Required action >> Make an exact copy of all the entries, with the pictures left out.
--- START ---
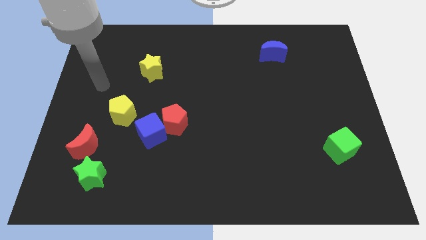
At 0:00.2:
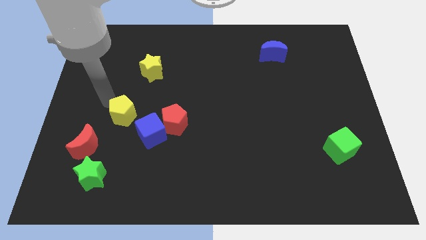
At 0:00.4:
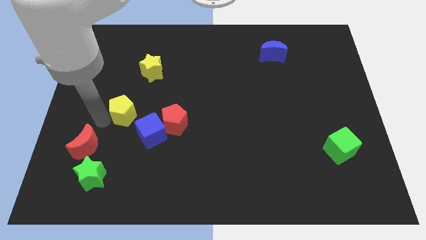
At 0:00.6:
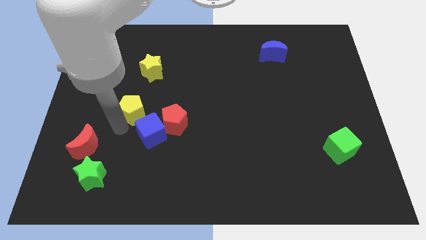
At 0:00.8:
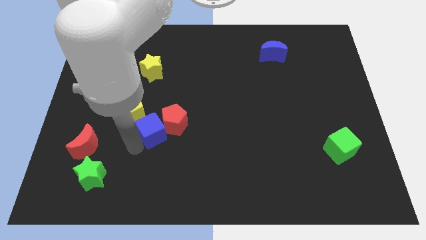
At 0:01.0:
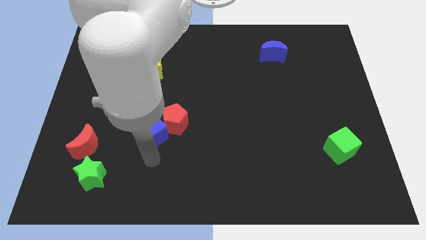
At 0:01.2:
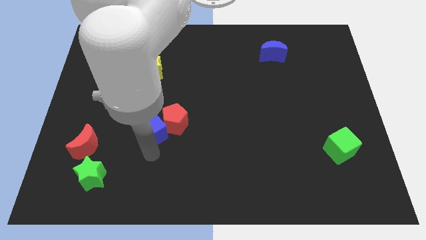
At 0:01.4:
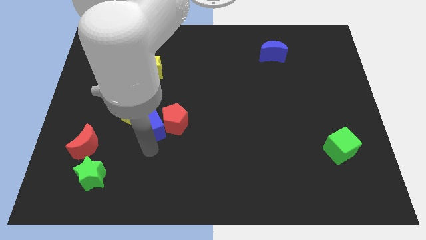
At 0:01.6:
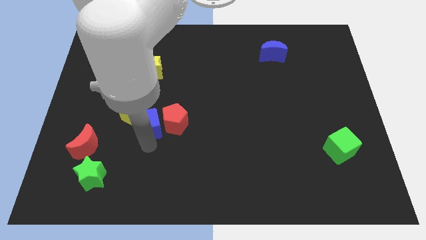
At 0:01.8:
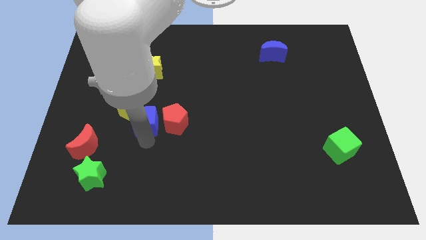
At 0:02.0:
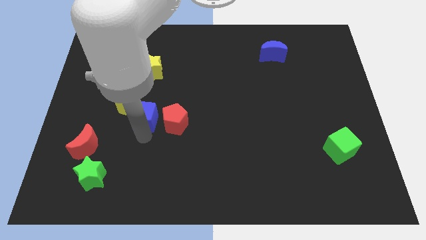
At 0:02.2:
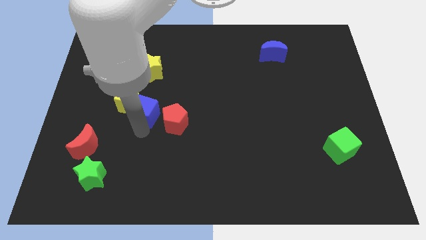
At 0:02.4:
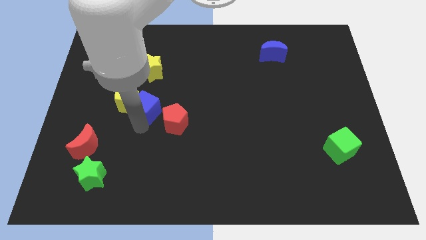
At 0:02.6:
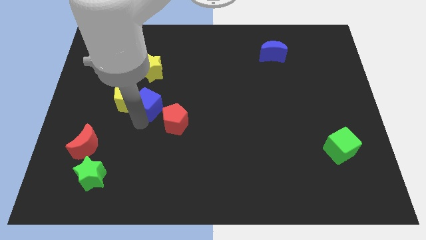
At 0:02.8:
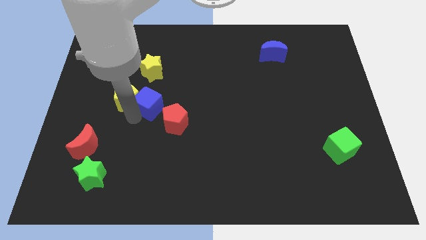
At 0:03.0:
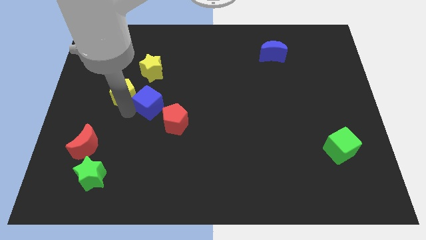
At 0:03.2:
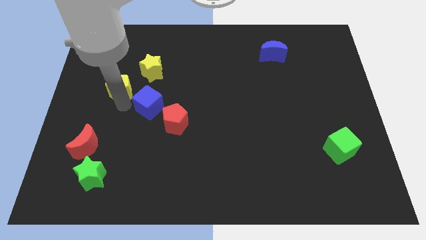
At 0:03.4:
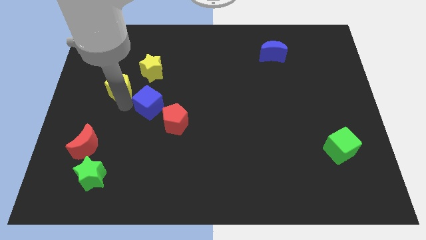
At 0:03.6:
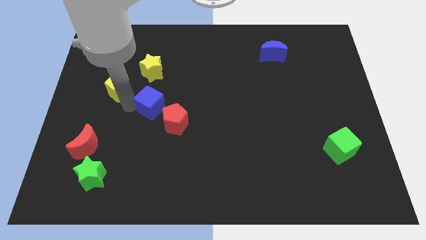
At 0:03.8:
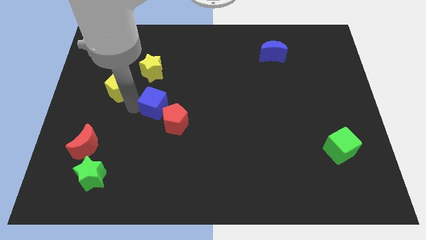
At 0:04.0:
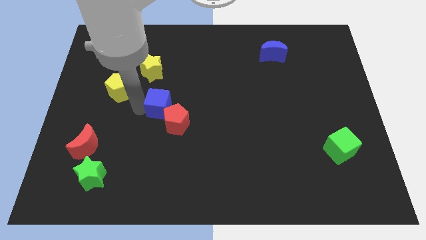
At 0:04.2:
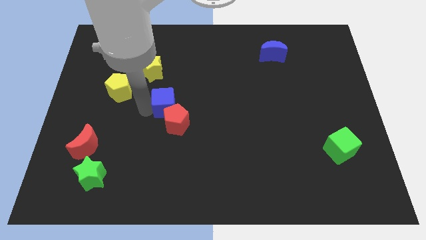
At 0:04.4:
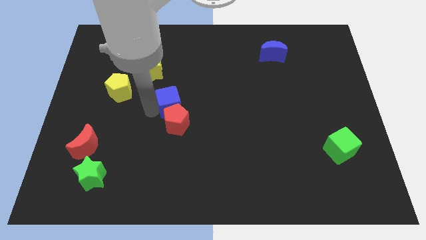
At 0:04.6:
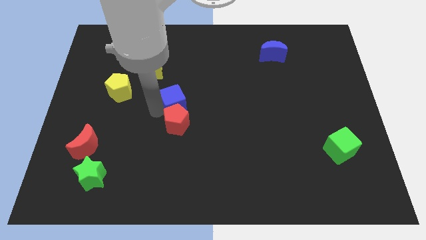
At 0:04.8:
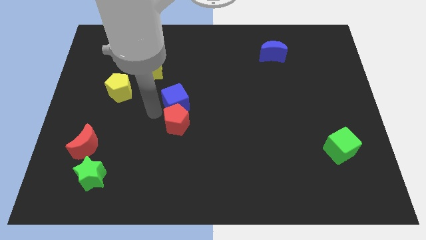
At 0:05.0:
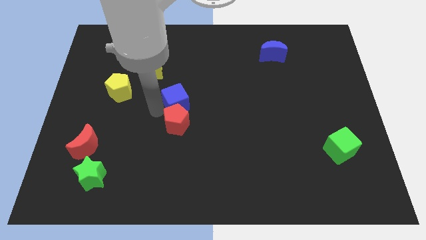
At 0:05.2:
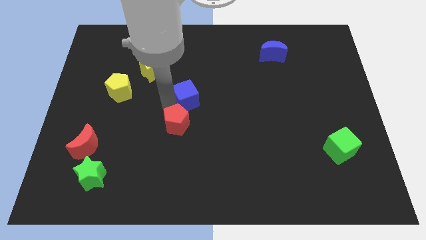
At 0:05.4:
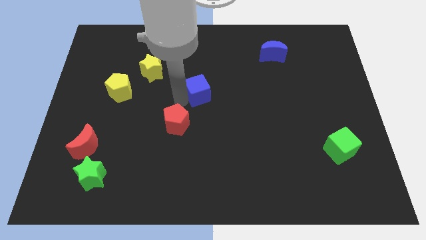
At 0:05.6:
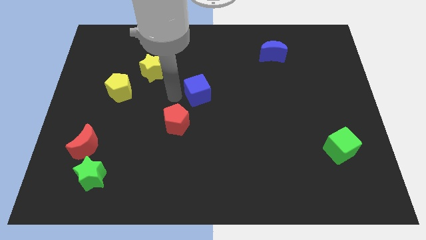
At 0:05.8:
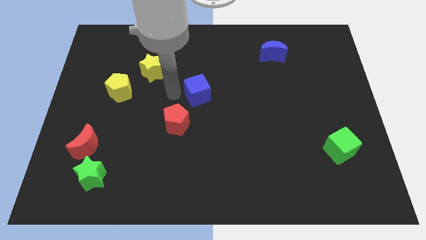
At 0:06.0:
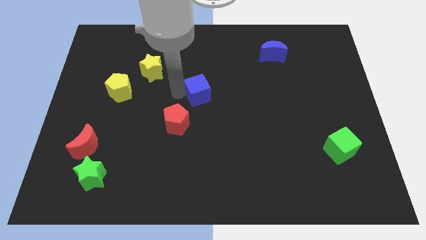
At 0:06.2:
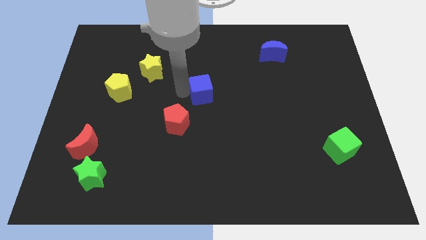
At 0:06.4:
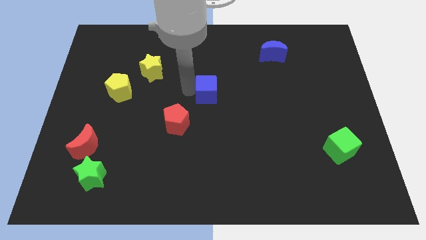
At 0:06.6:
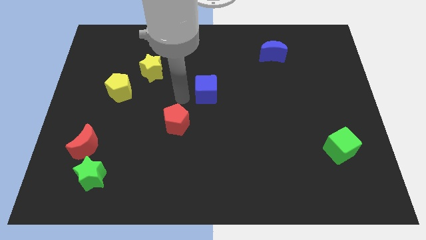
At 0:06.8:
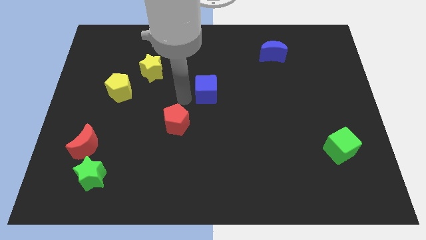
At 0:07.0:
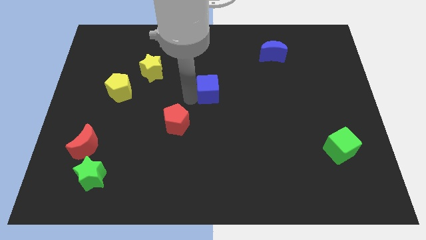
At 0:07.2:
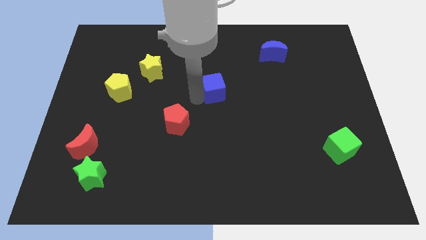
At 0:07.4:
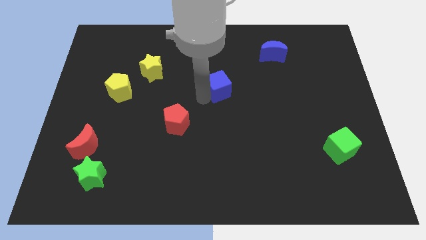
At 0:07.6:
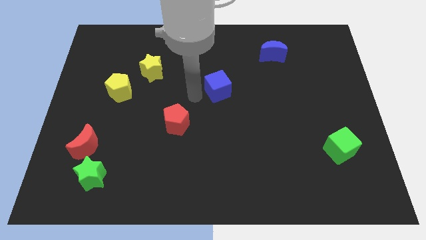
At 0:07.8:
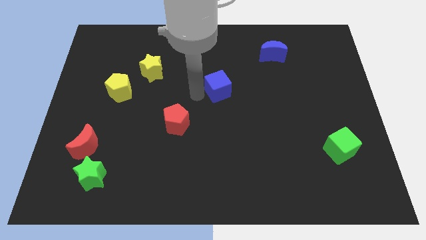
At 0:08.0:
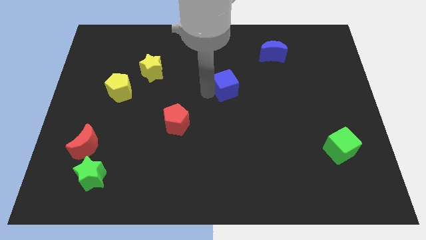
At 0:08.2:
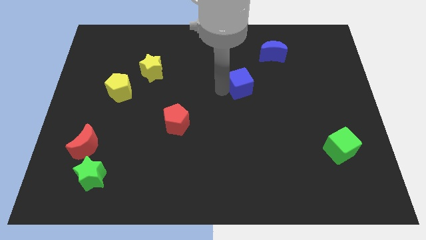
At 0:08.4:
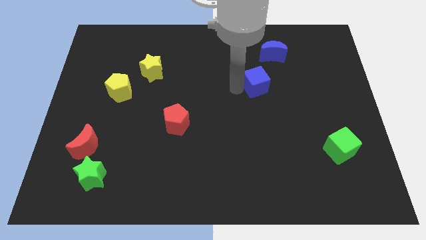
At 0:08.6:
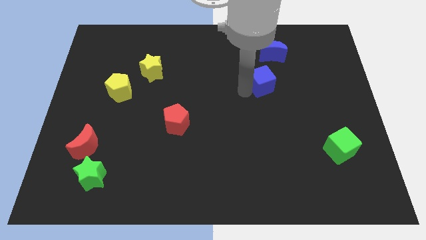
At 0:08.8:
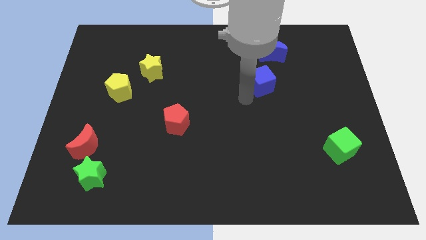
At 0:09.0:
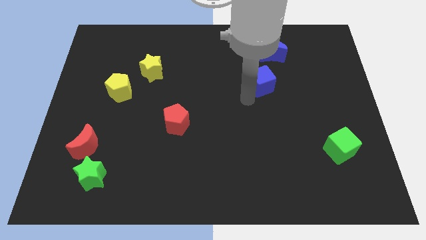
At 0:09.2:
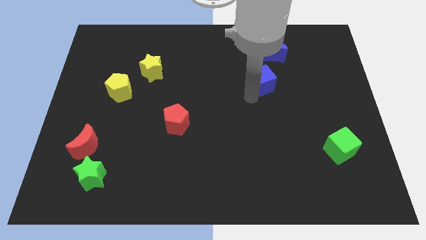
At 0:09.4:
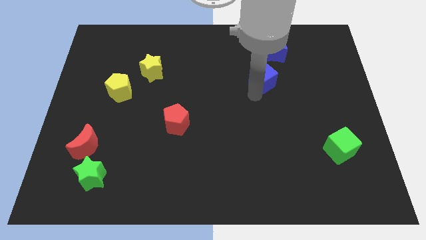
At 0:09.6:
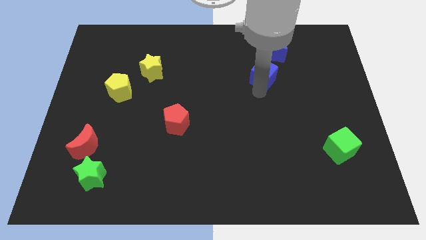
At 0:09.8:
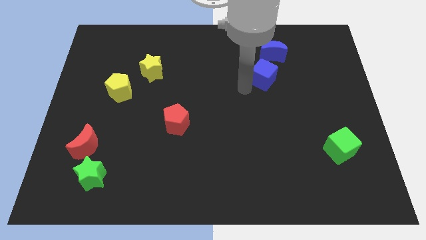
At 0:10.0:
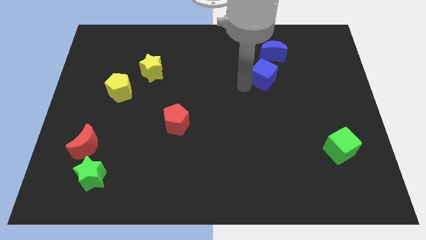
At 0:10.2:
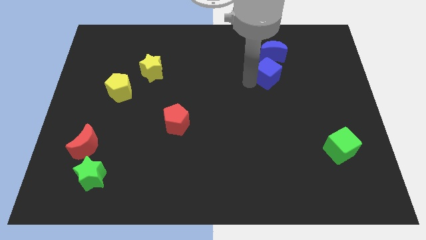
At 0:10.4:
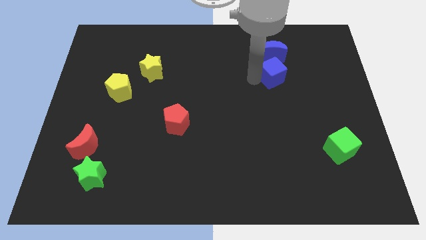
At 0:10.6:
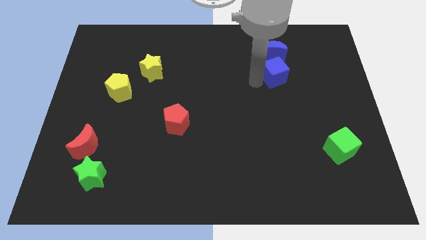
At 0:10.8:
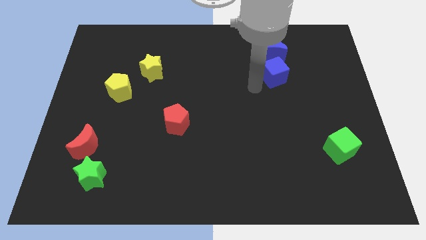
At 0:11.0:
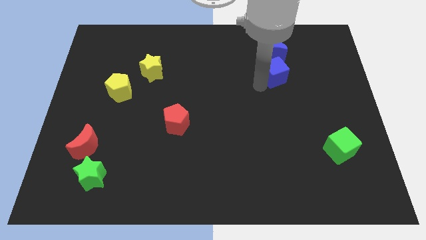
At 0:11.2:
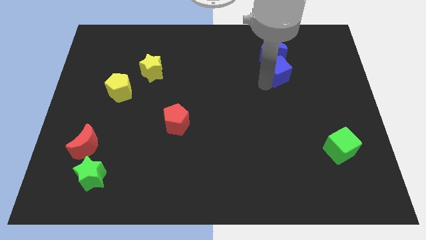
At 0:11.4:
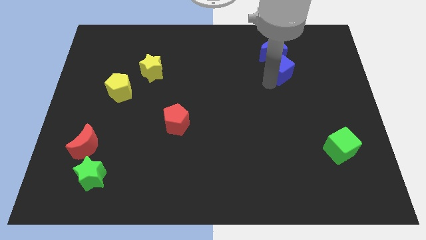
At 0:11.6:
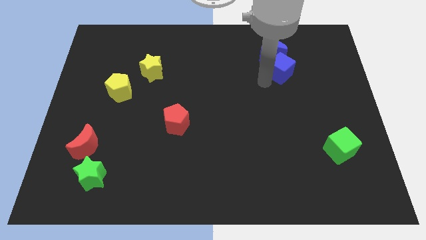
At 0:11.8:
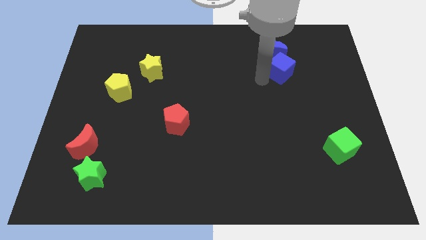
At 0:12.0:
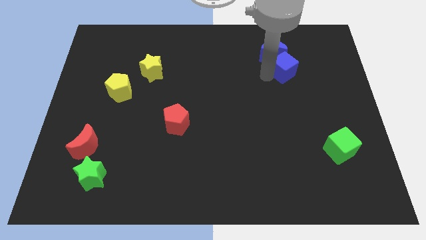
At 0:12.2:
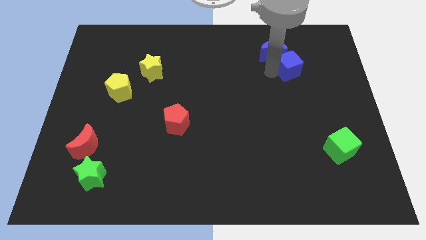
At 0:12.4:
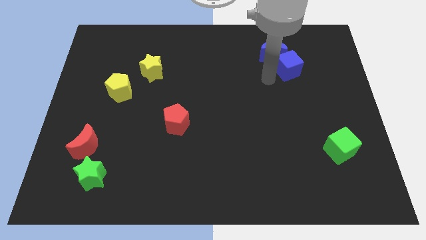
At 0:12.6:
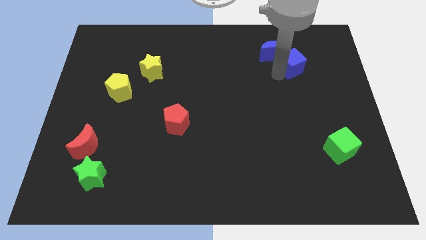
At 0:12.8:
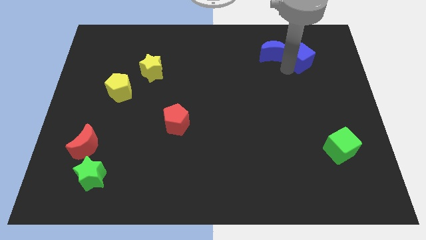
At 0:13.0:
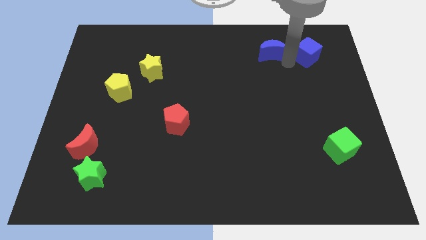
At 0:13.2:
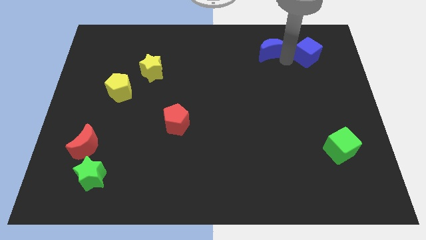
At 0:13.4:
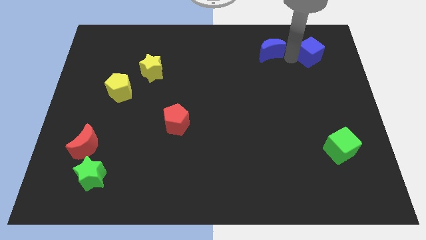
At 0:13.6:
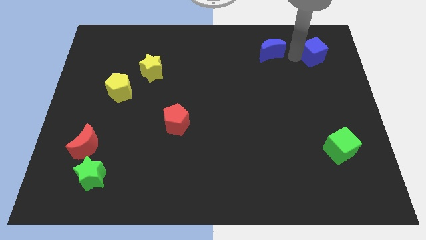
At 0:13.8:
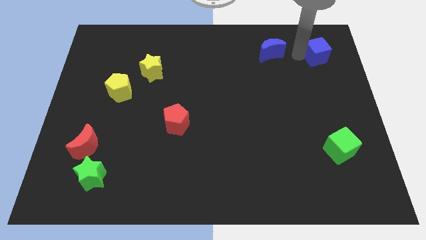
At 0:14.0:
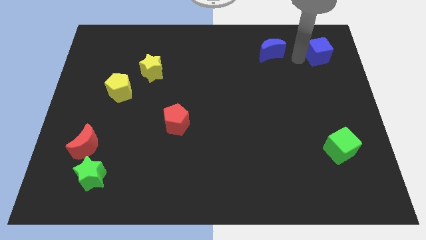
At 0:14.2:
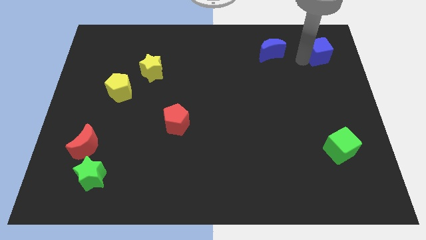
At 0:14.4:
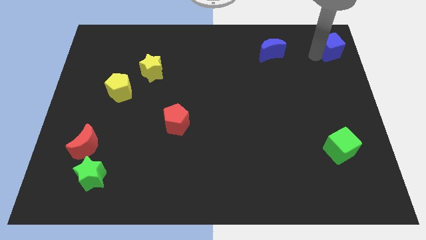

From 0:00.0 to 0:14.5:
slide the blue cube to the top right
--- END ---
Answer >>
At 0:00.2:
At 0:00.4:
At 0:00.6:
At 0:00.8:
At 0:01.0:
At 0:01.2:
At 0:01.4:
At 0:01.6:
At 0:01.8:
At 0:02.0:
At 0:02.2:
At 0:02.4:
At 0:02.6:
At 0:02.8:
At 0:03.0:
At 0:03.2:
At 0:03.4:
At 0:03.6:
At 0:03.8:
At 0:04.0:
At 0:04.2:
At 0:04.4:
At 0:04.6:
At 0:04.8:
At 0:05.0:
At 0:05.2:
At 0:05.4:
At 0:05.6:
At 0:05.8:
At 0:06.0:
At 0:06.2:
At 0:06.4:
At 0:06.6:
At 0:06.8:
At 0:07.0:
At 0:07.2:
At 0:07.4:
At 0:07.6:
At 0:07.8:
At 0:08.0:
At 0:08.2:
At 0:08.4:
At 0:08.6:
At 0:08.8:
At 0:09.0:
At 0:09.2:
At 0:09.4:
At 0:09.6:
At 0:09.8:
At 0:10.0:
At 0:10.2:
At 0:10.4:
At 0:10.6:
At 0:10.8:
At 0:11.0:
At 0:11.2:
At 0:11.4:
At 0:11.6:
At 0:11.8:
At 0:12.0:
At 0:12.2:
At 0:12.4:
At 0:12.6:
At 0:12.8:
At 0:13.0:
At 0:13.2:
At 0:13.4:
At 0:13.6:
At 0:13.8:
At 0:14.0:
At 0:14.2:
At 0:14.4:

From 0:00.0 to 0:14.5:
slide the blue cube to the top right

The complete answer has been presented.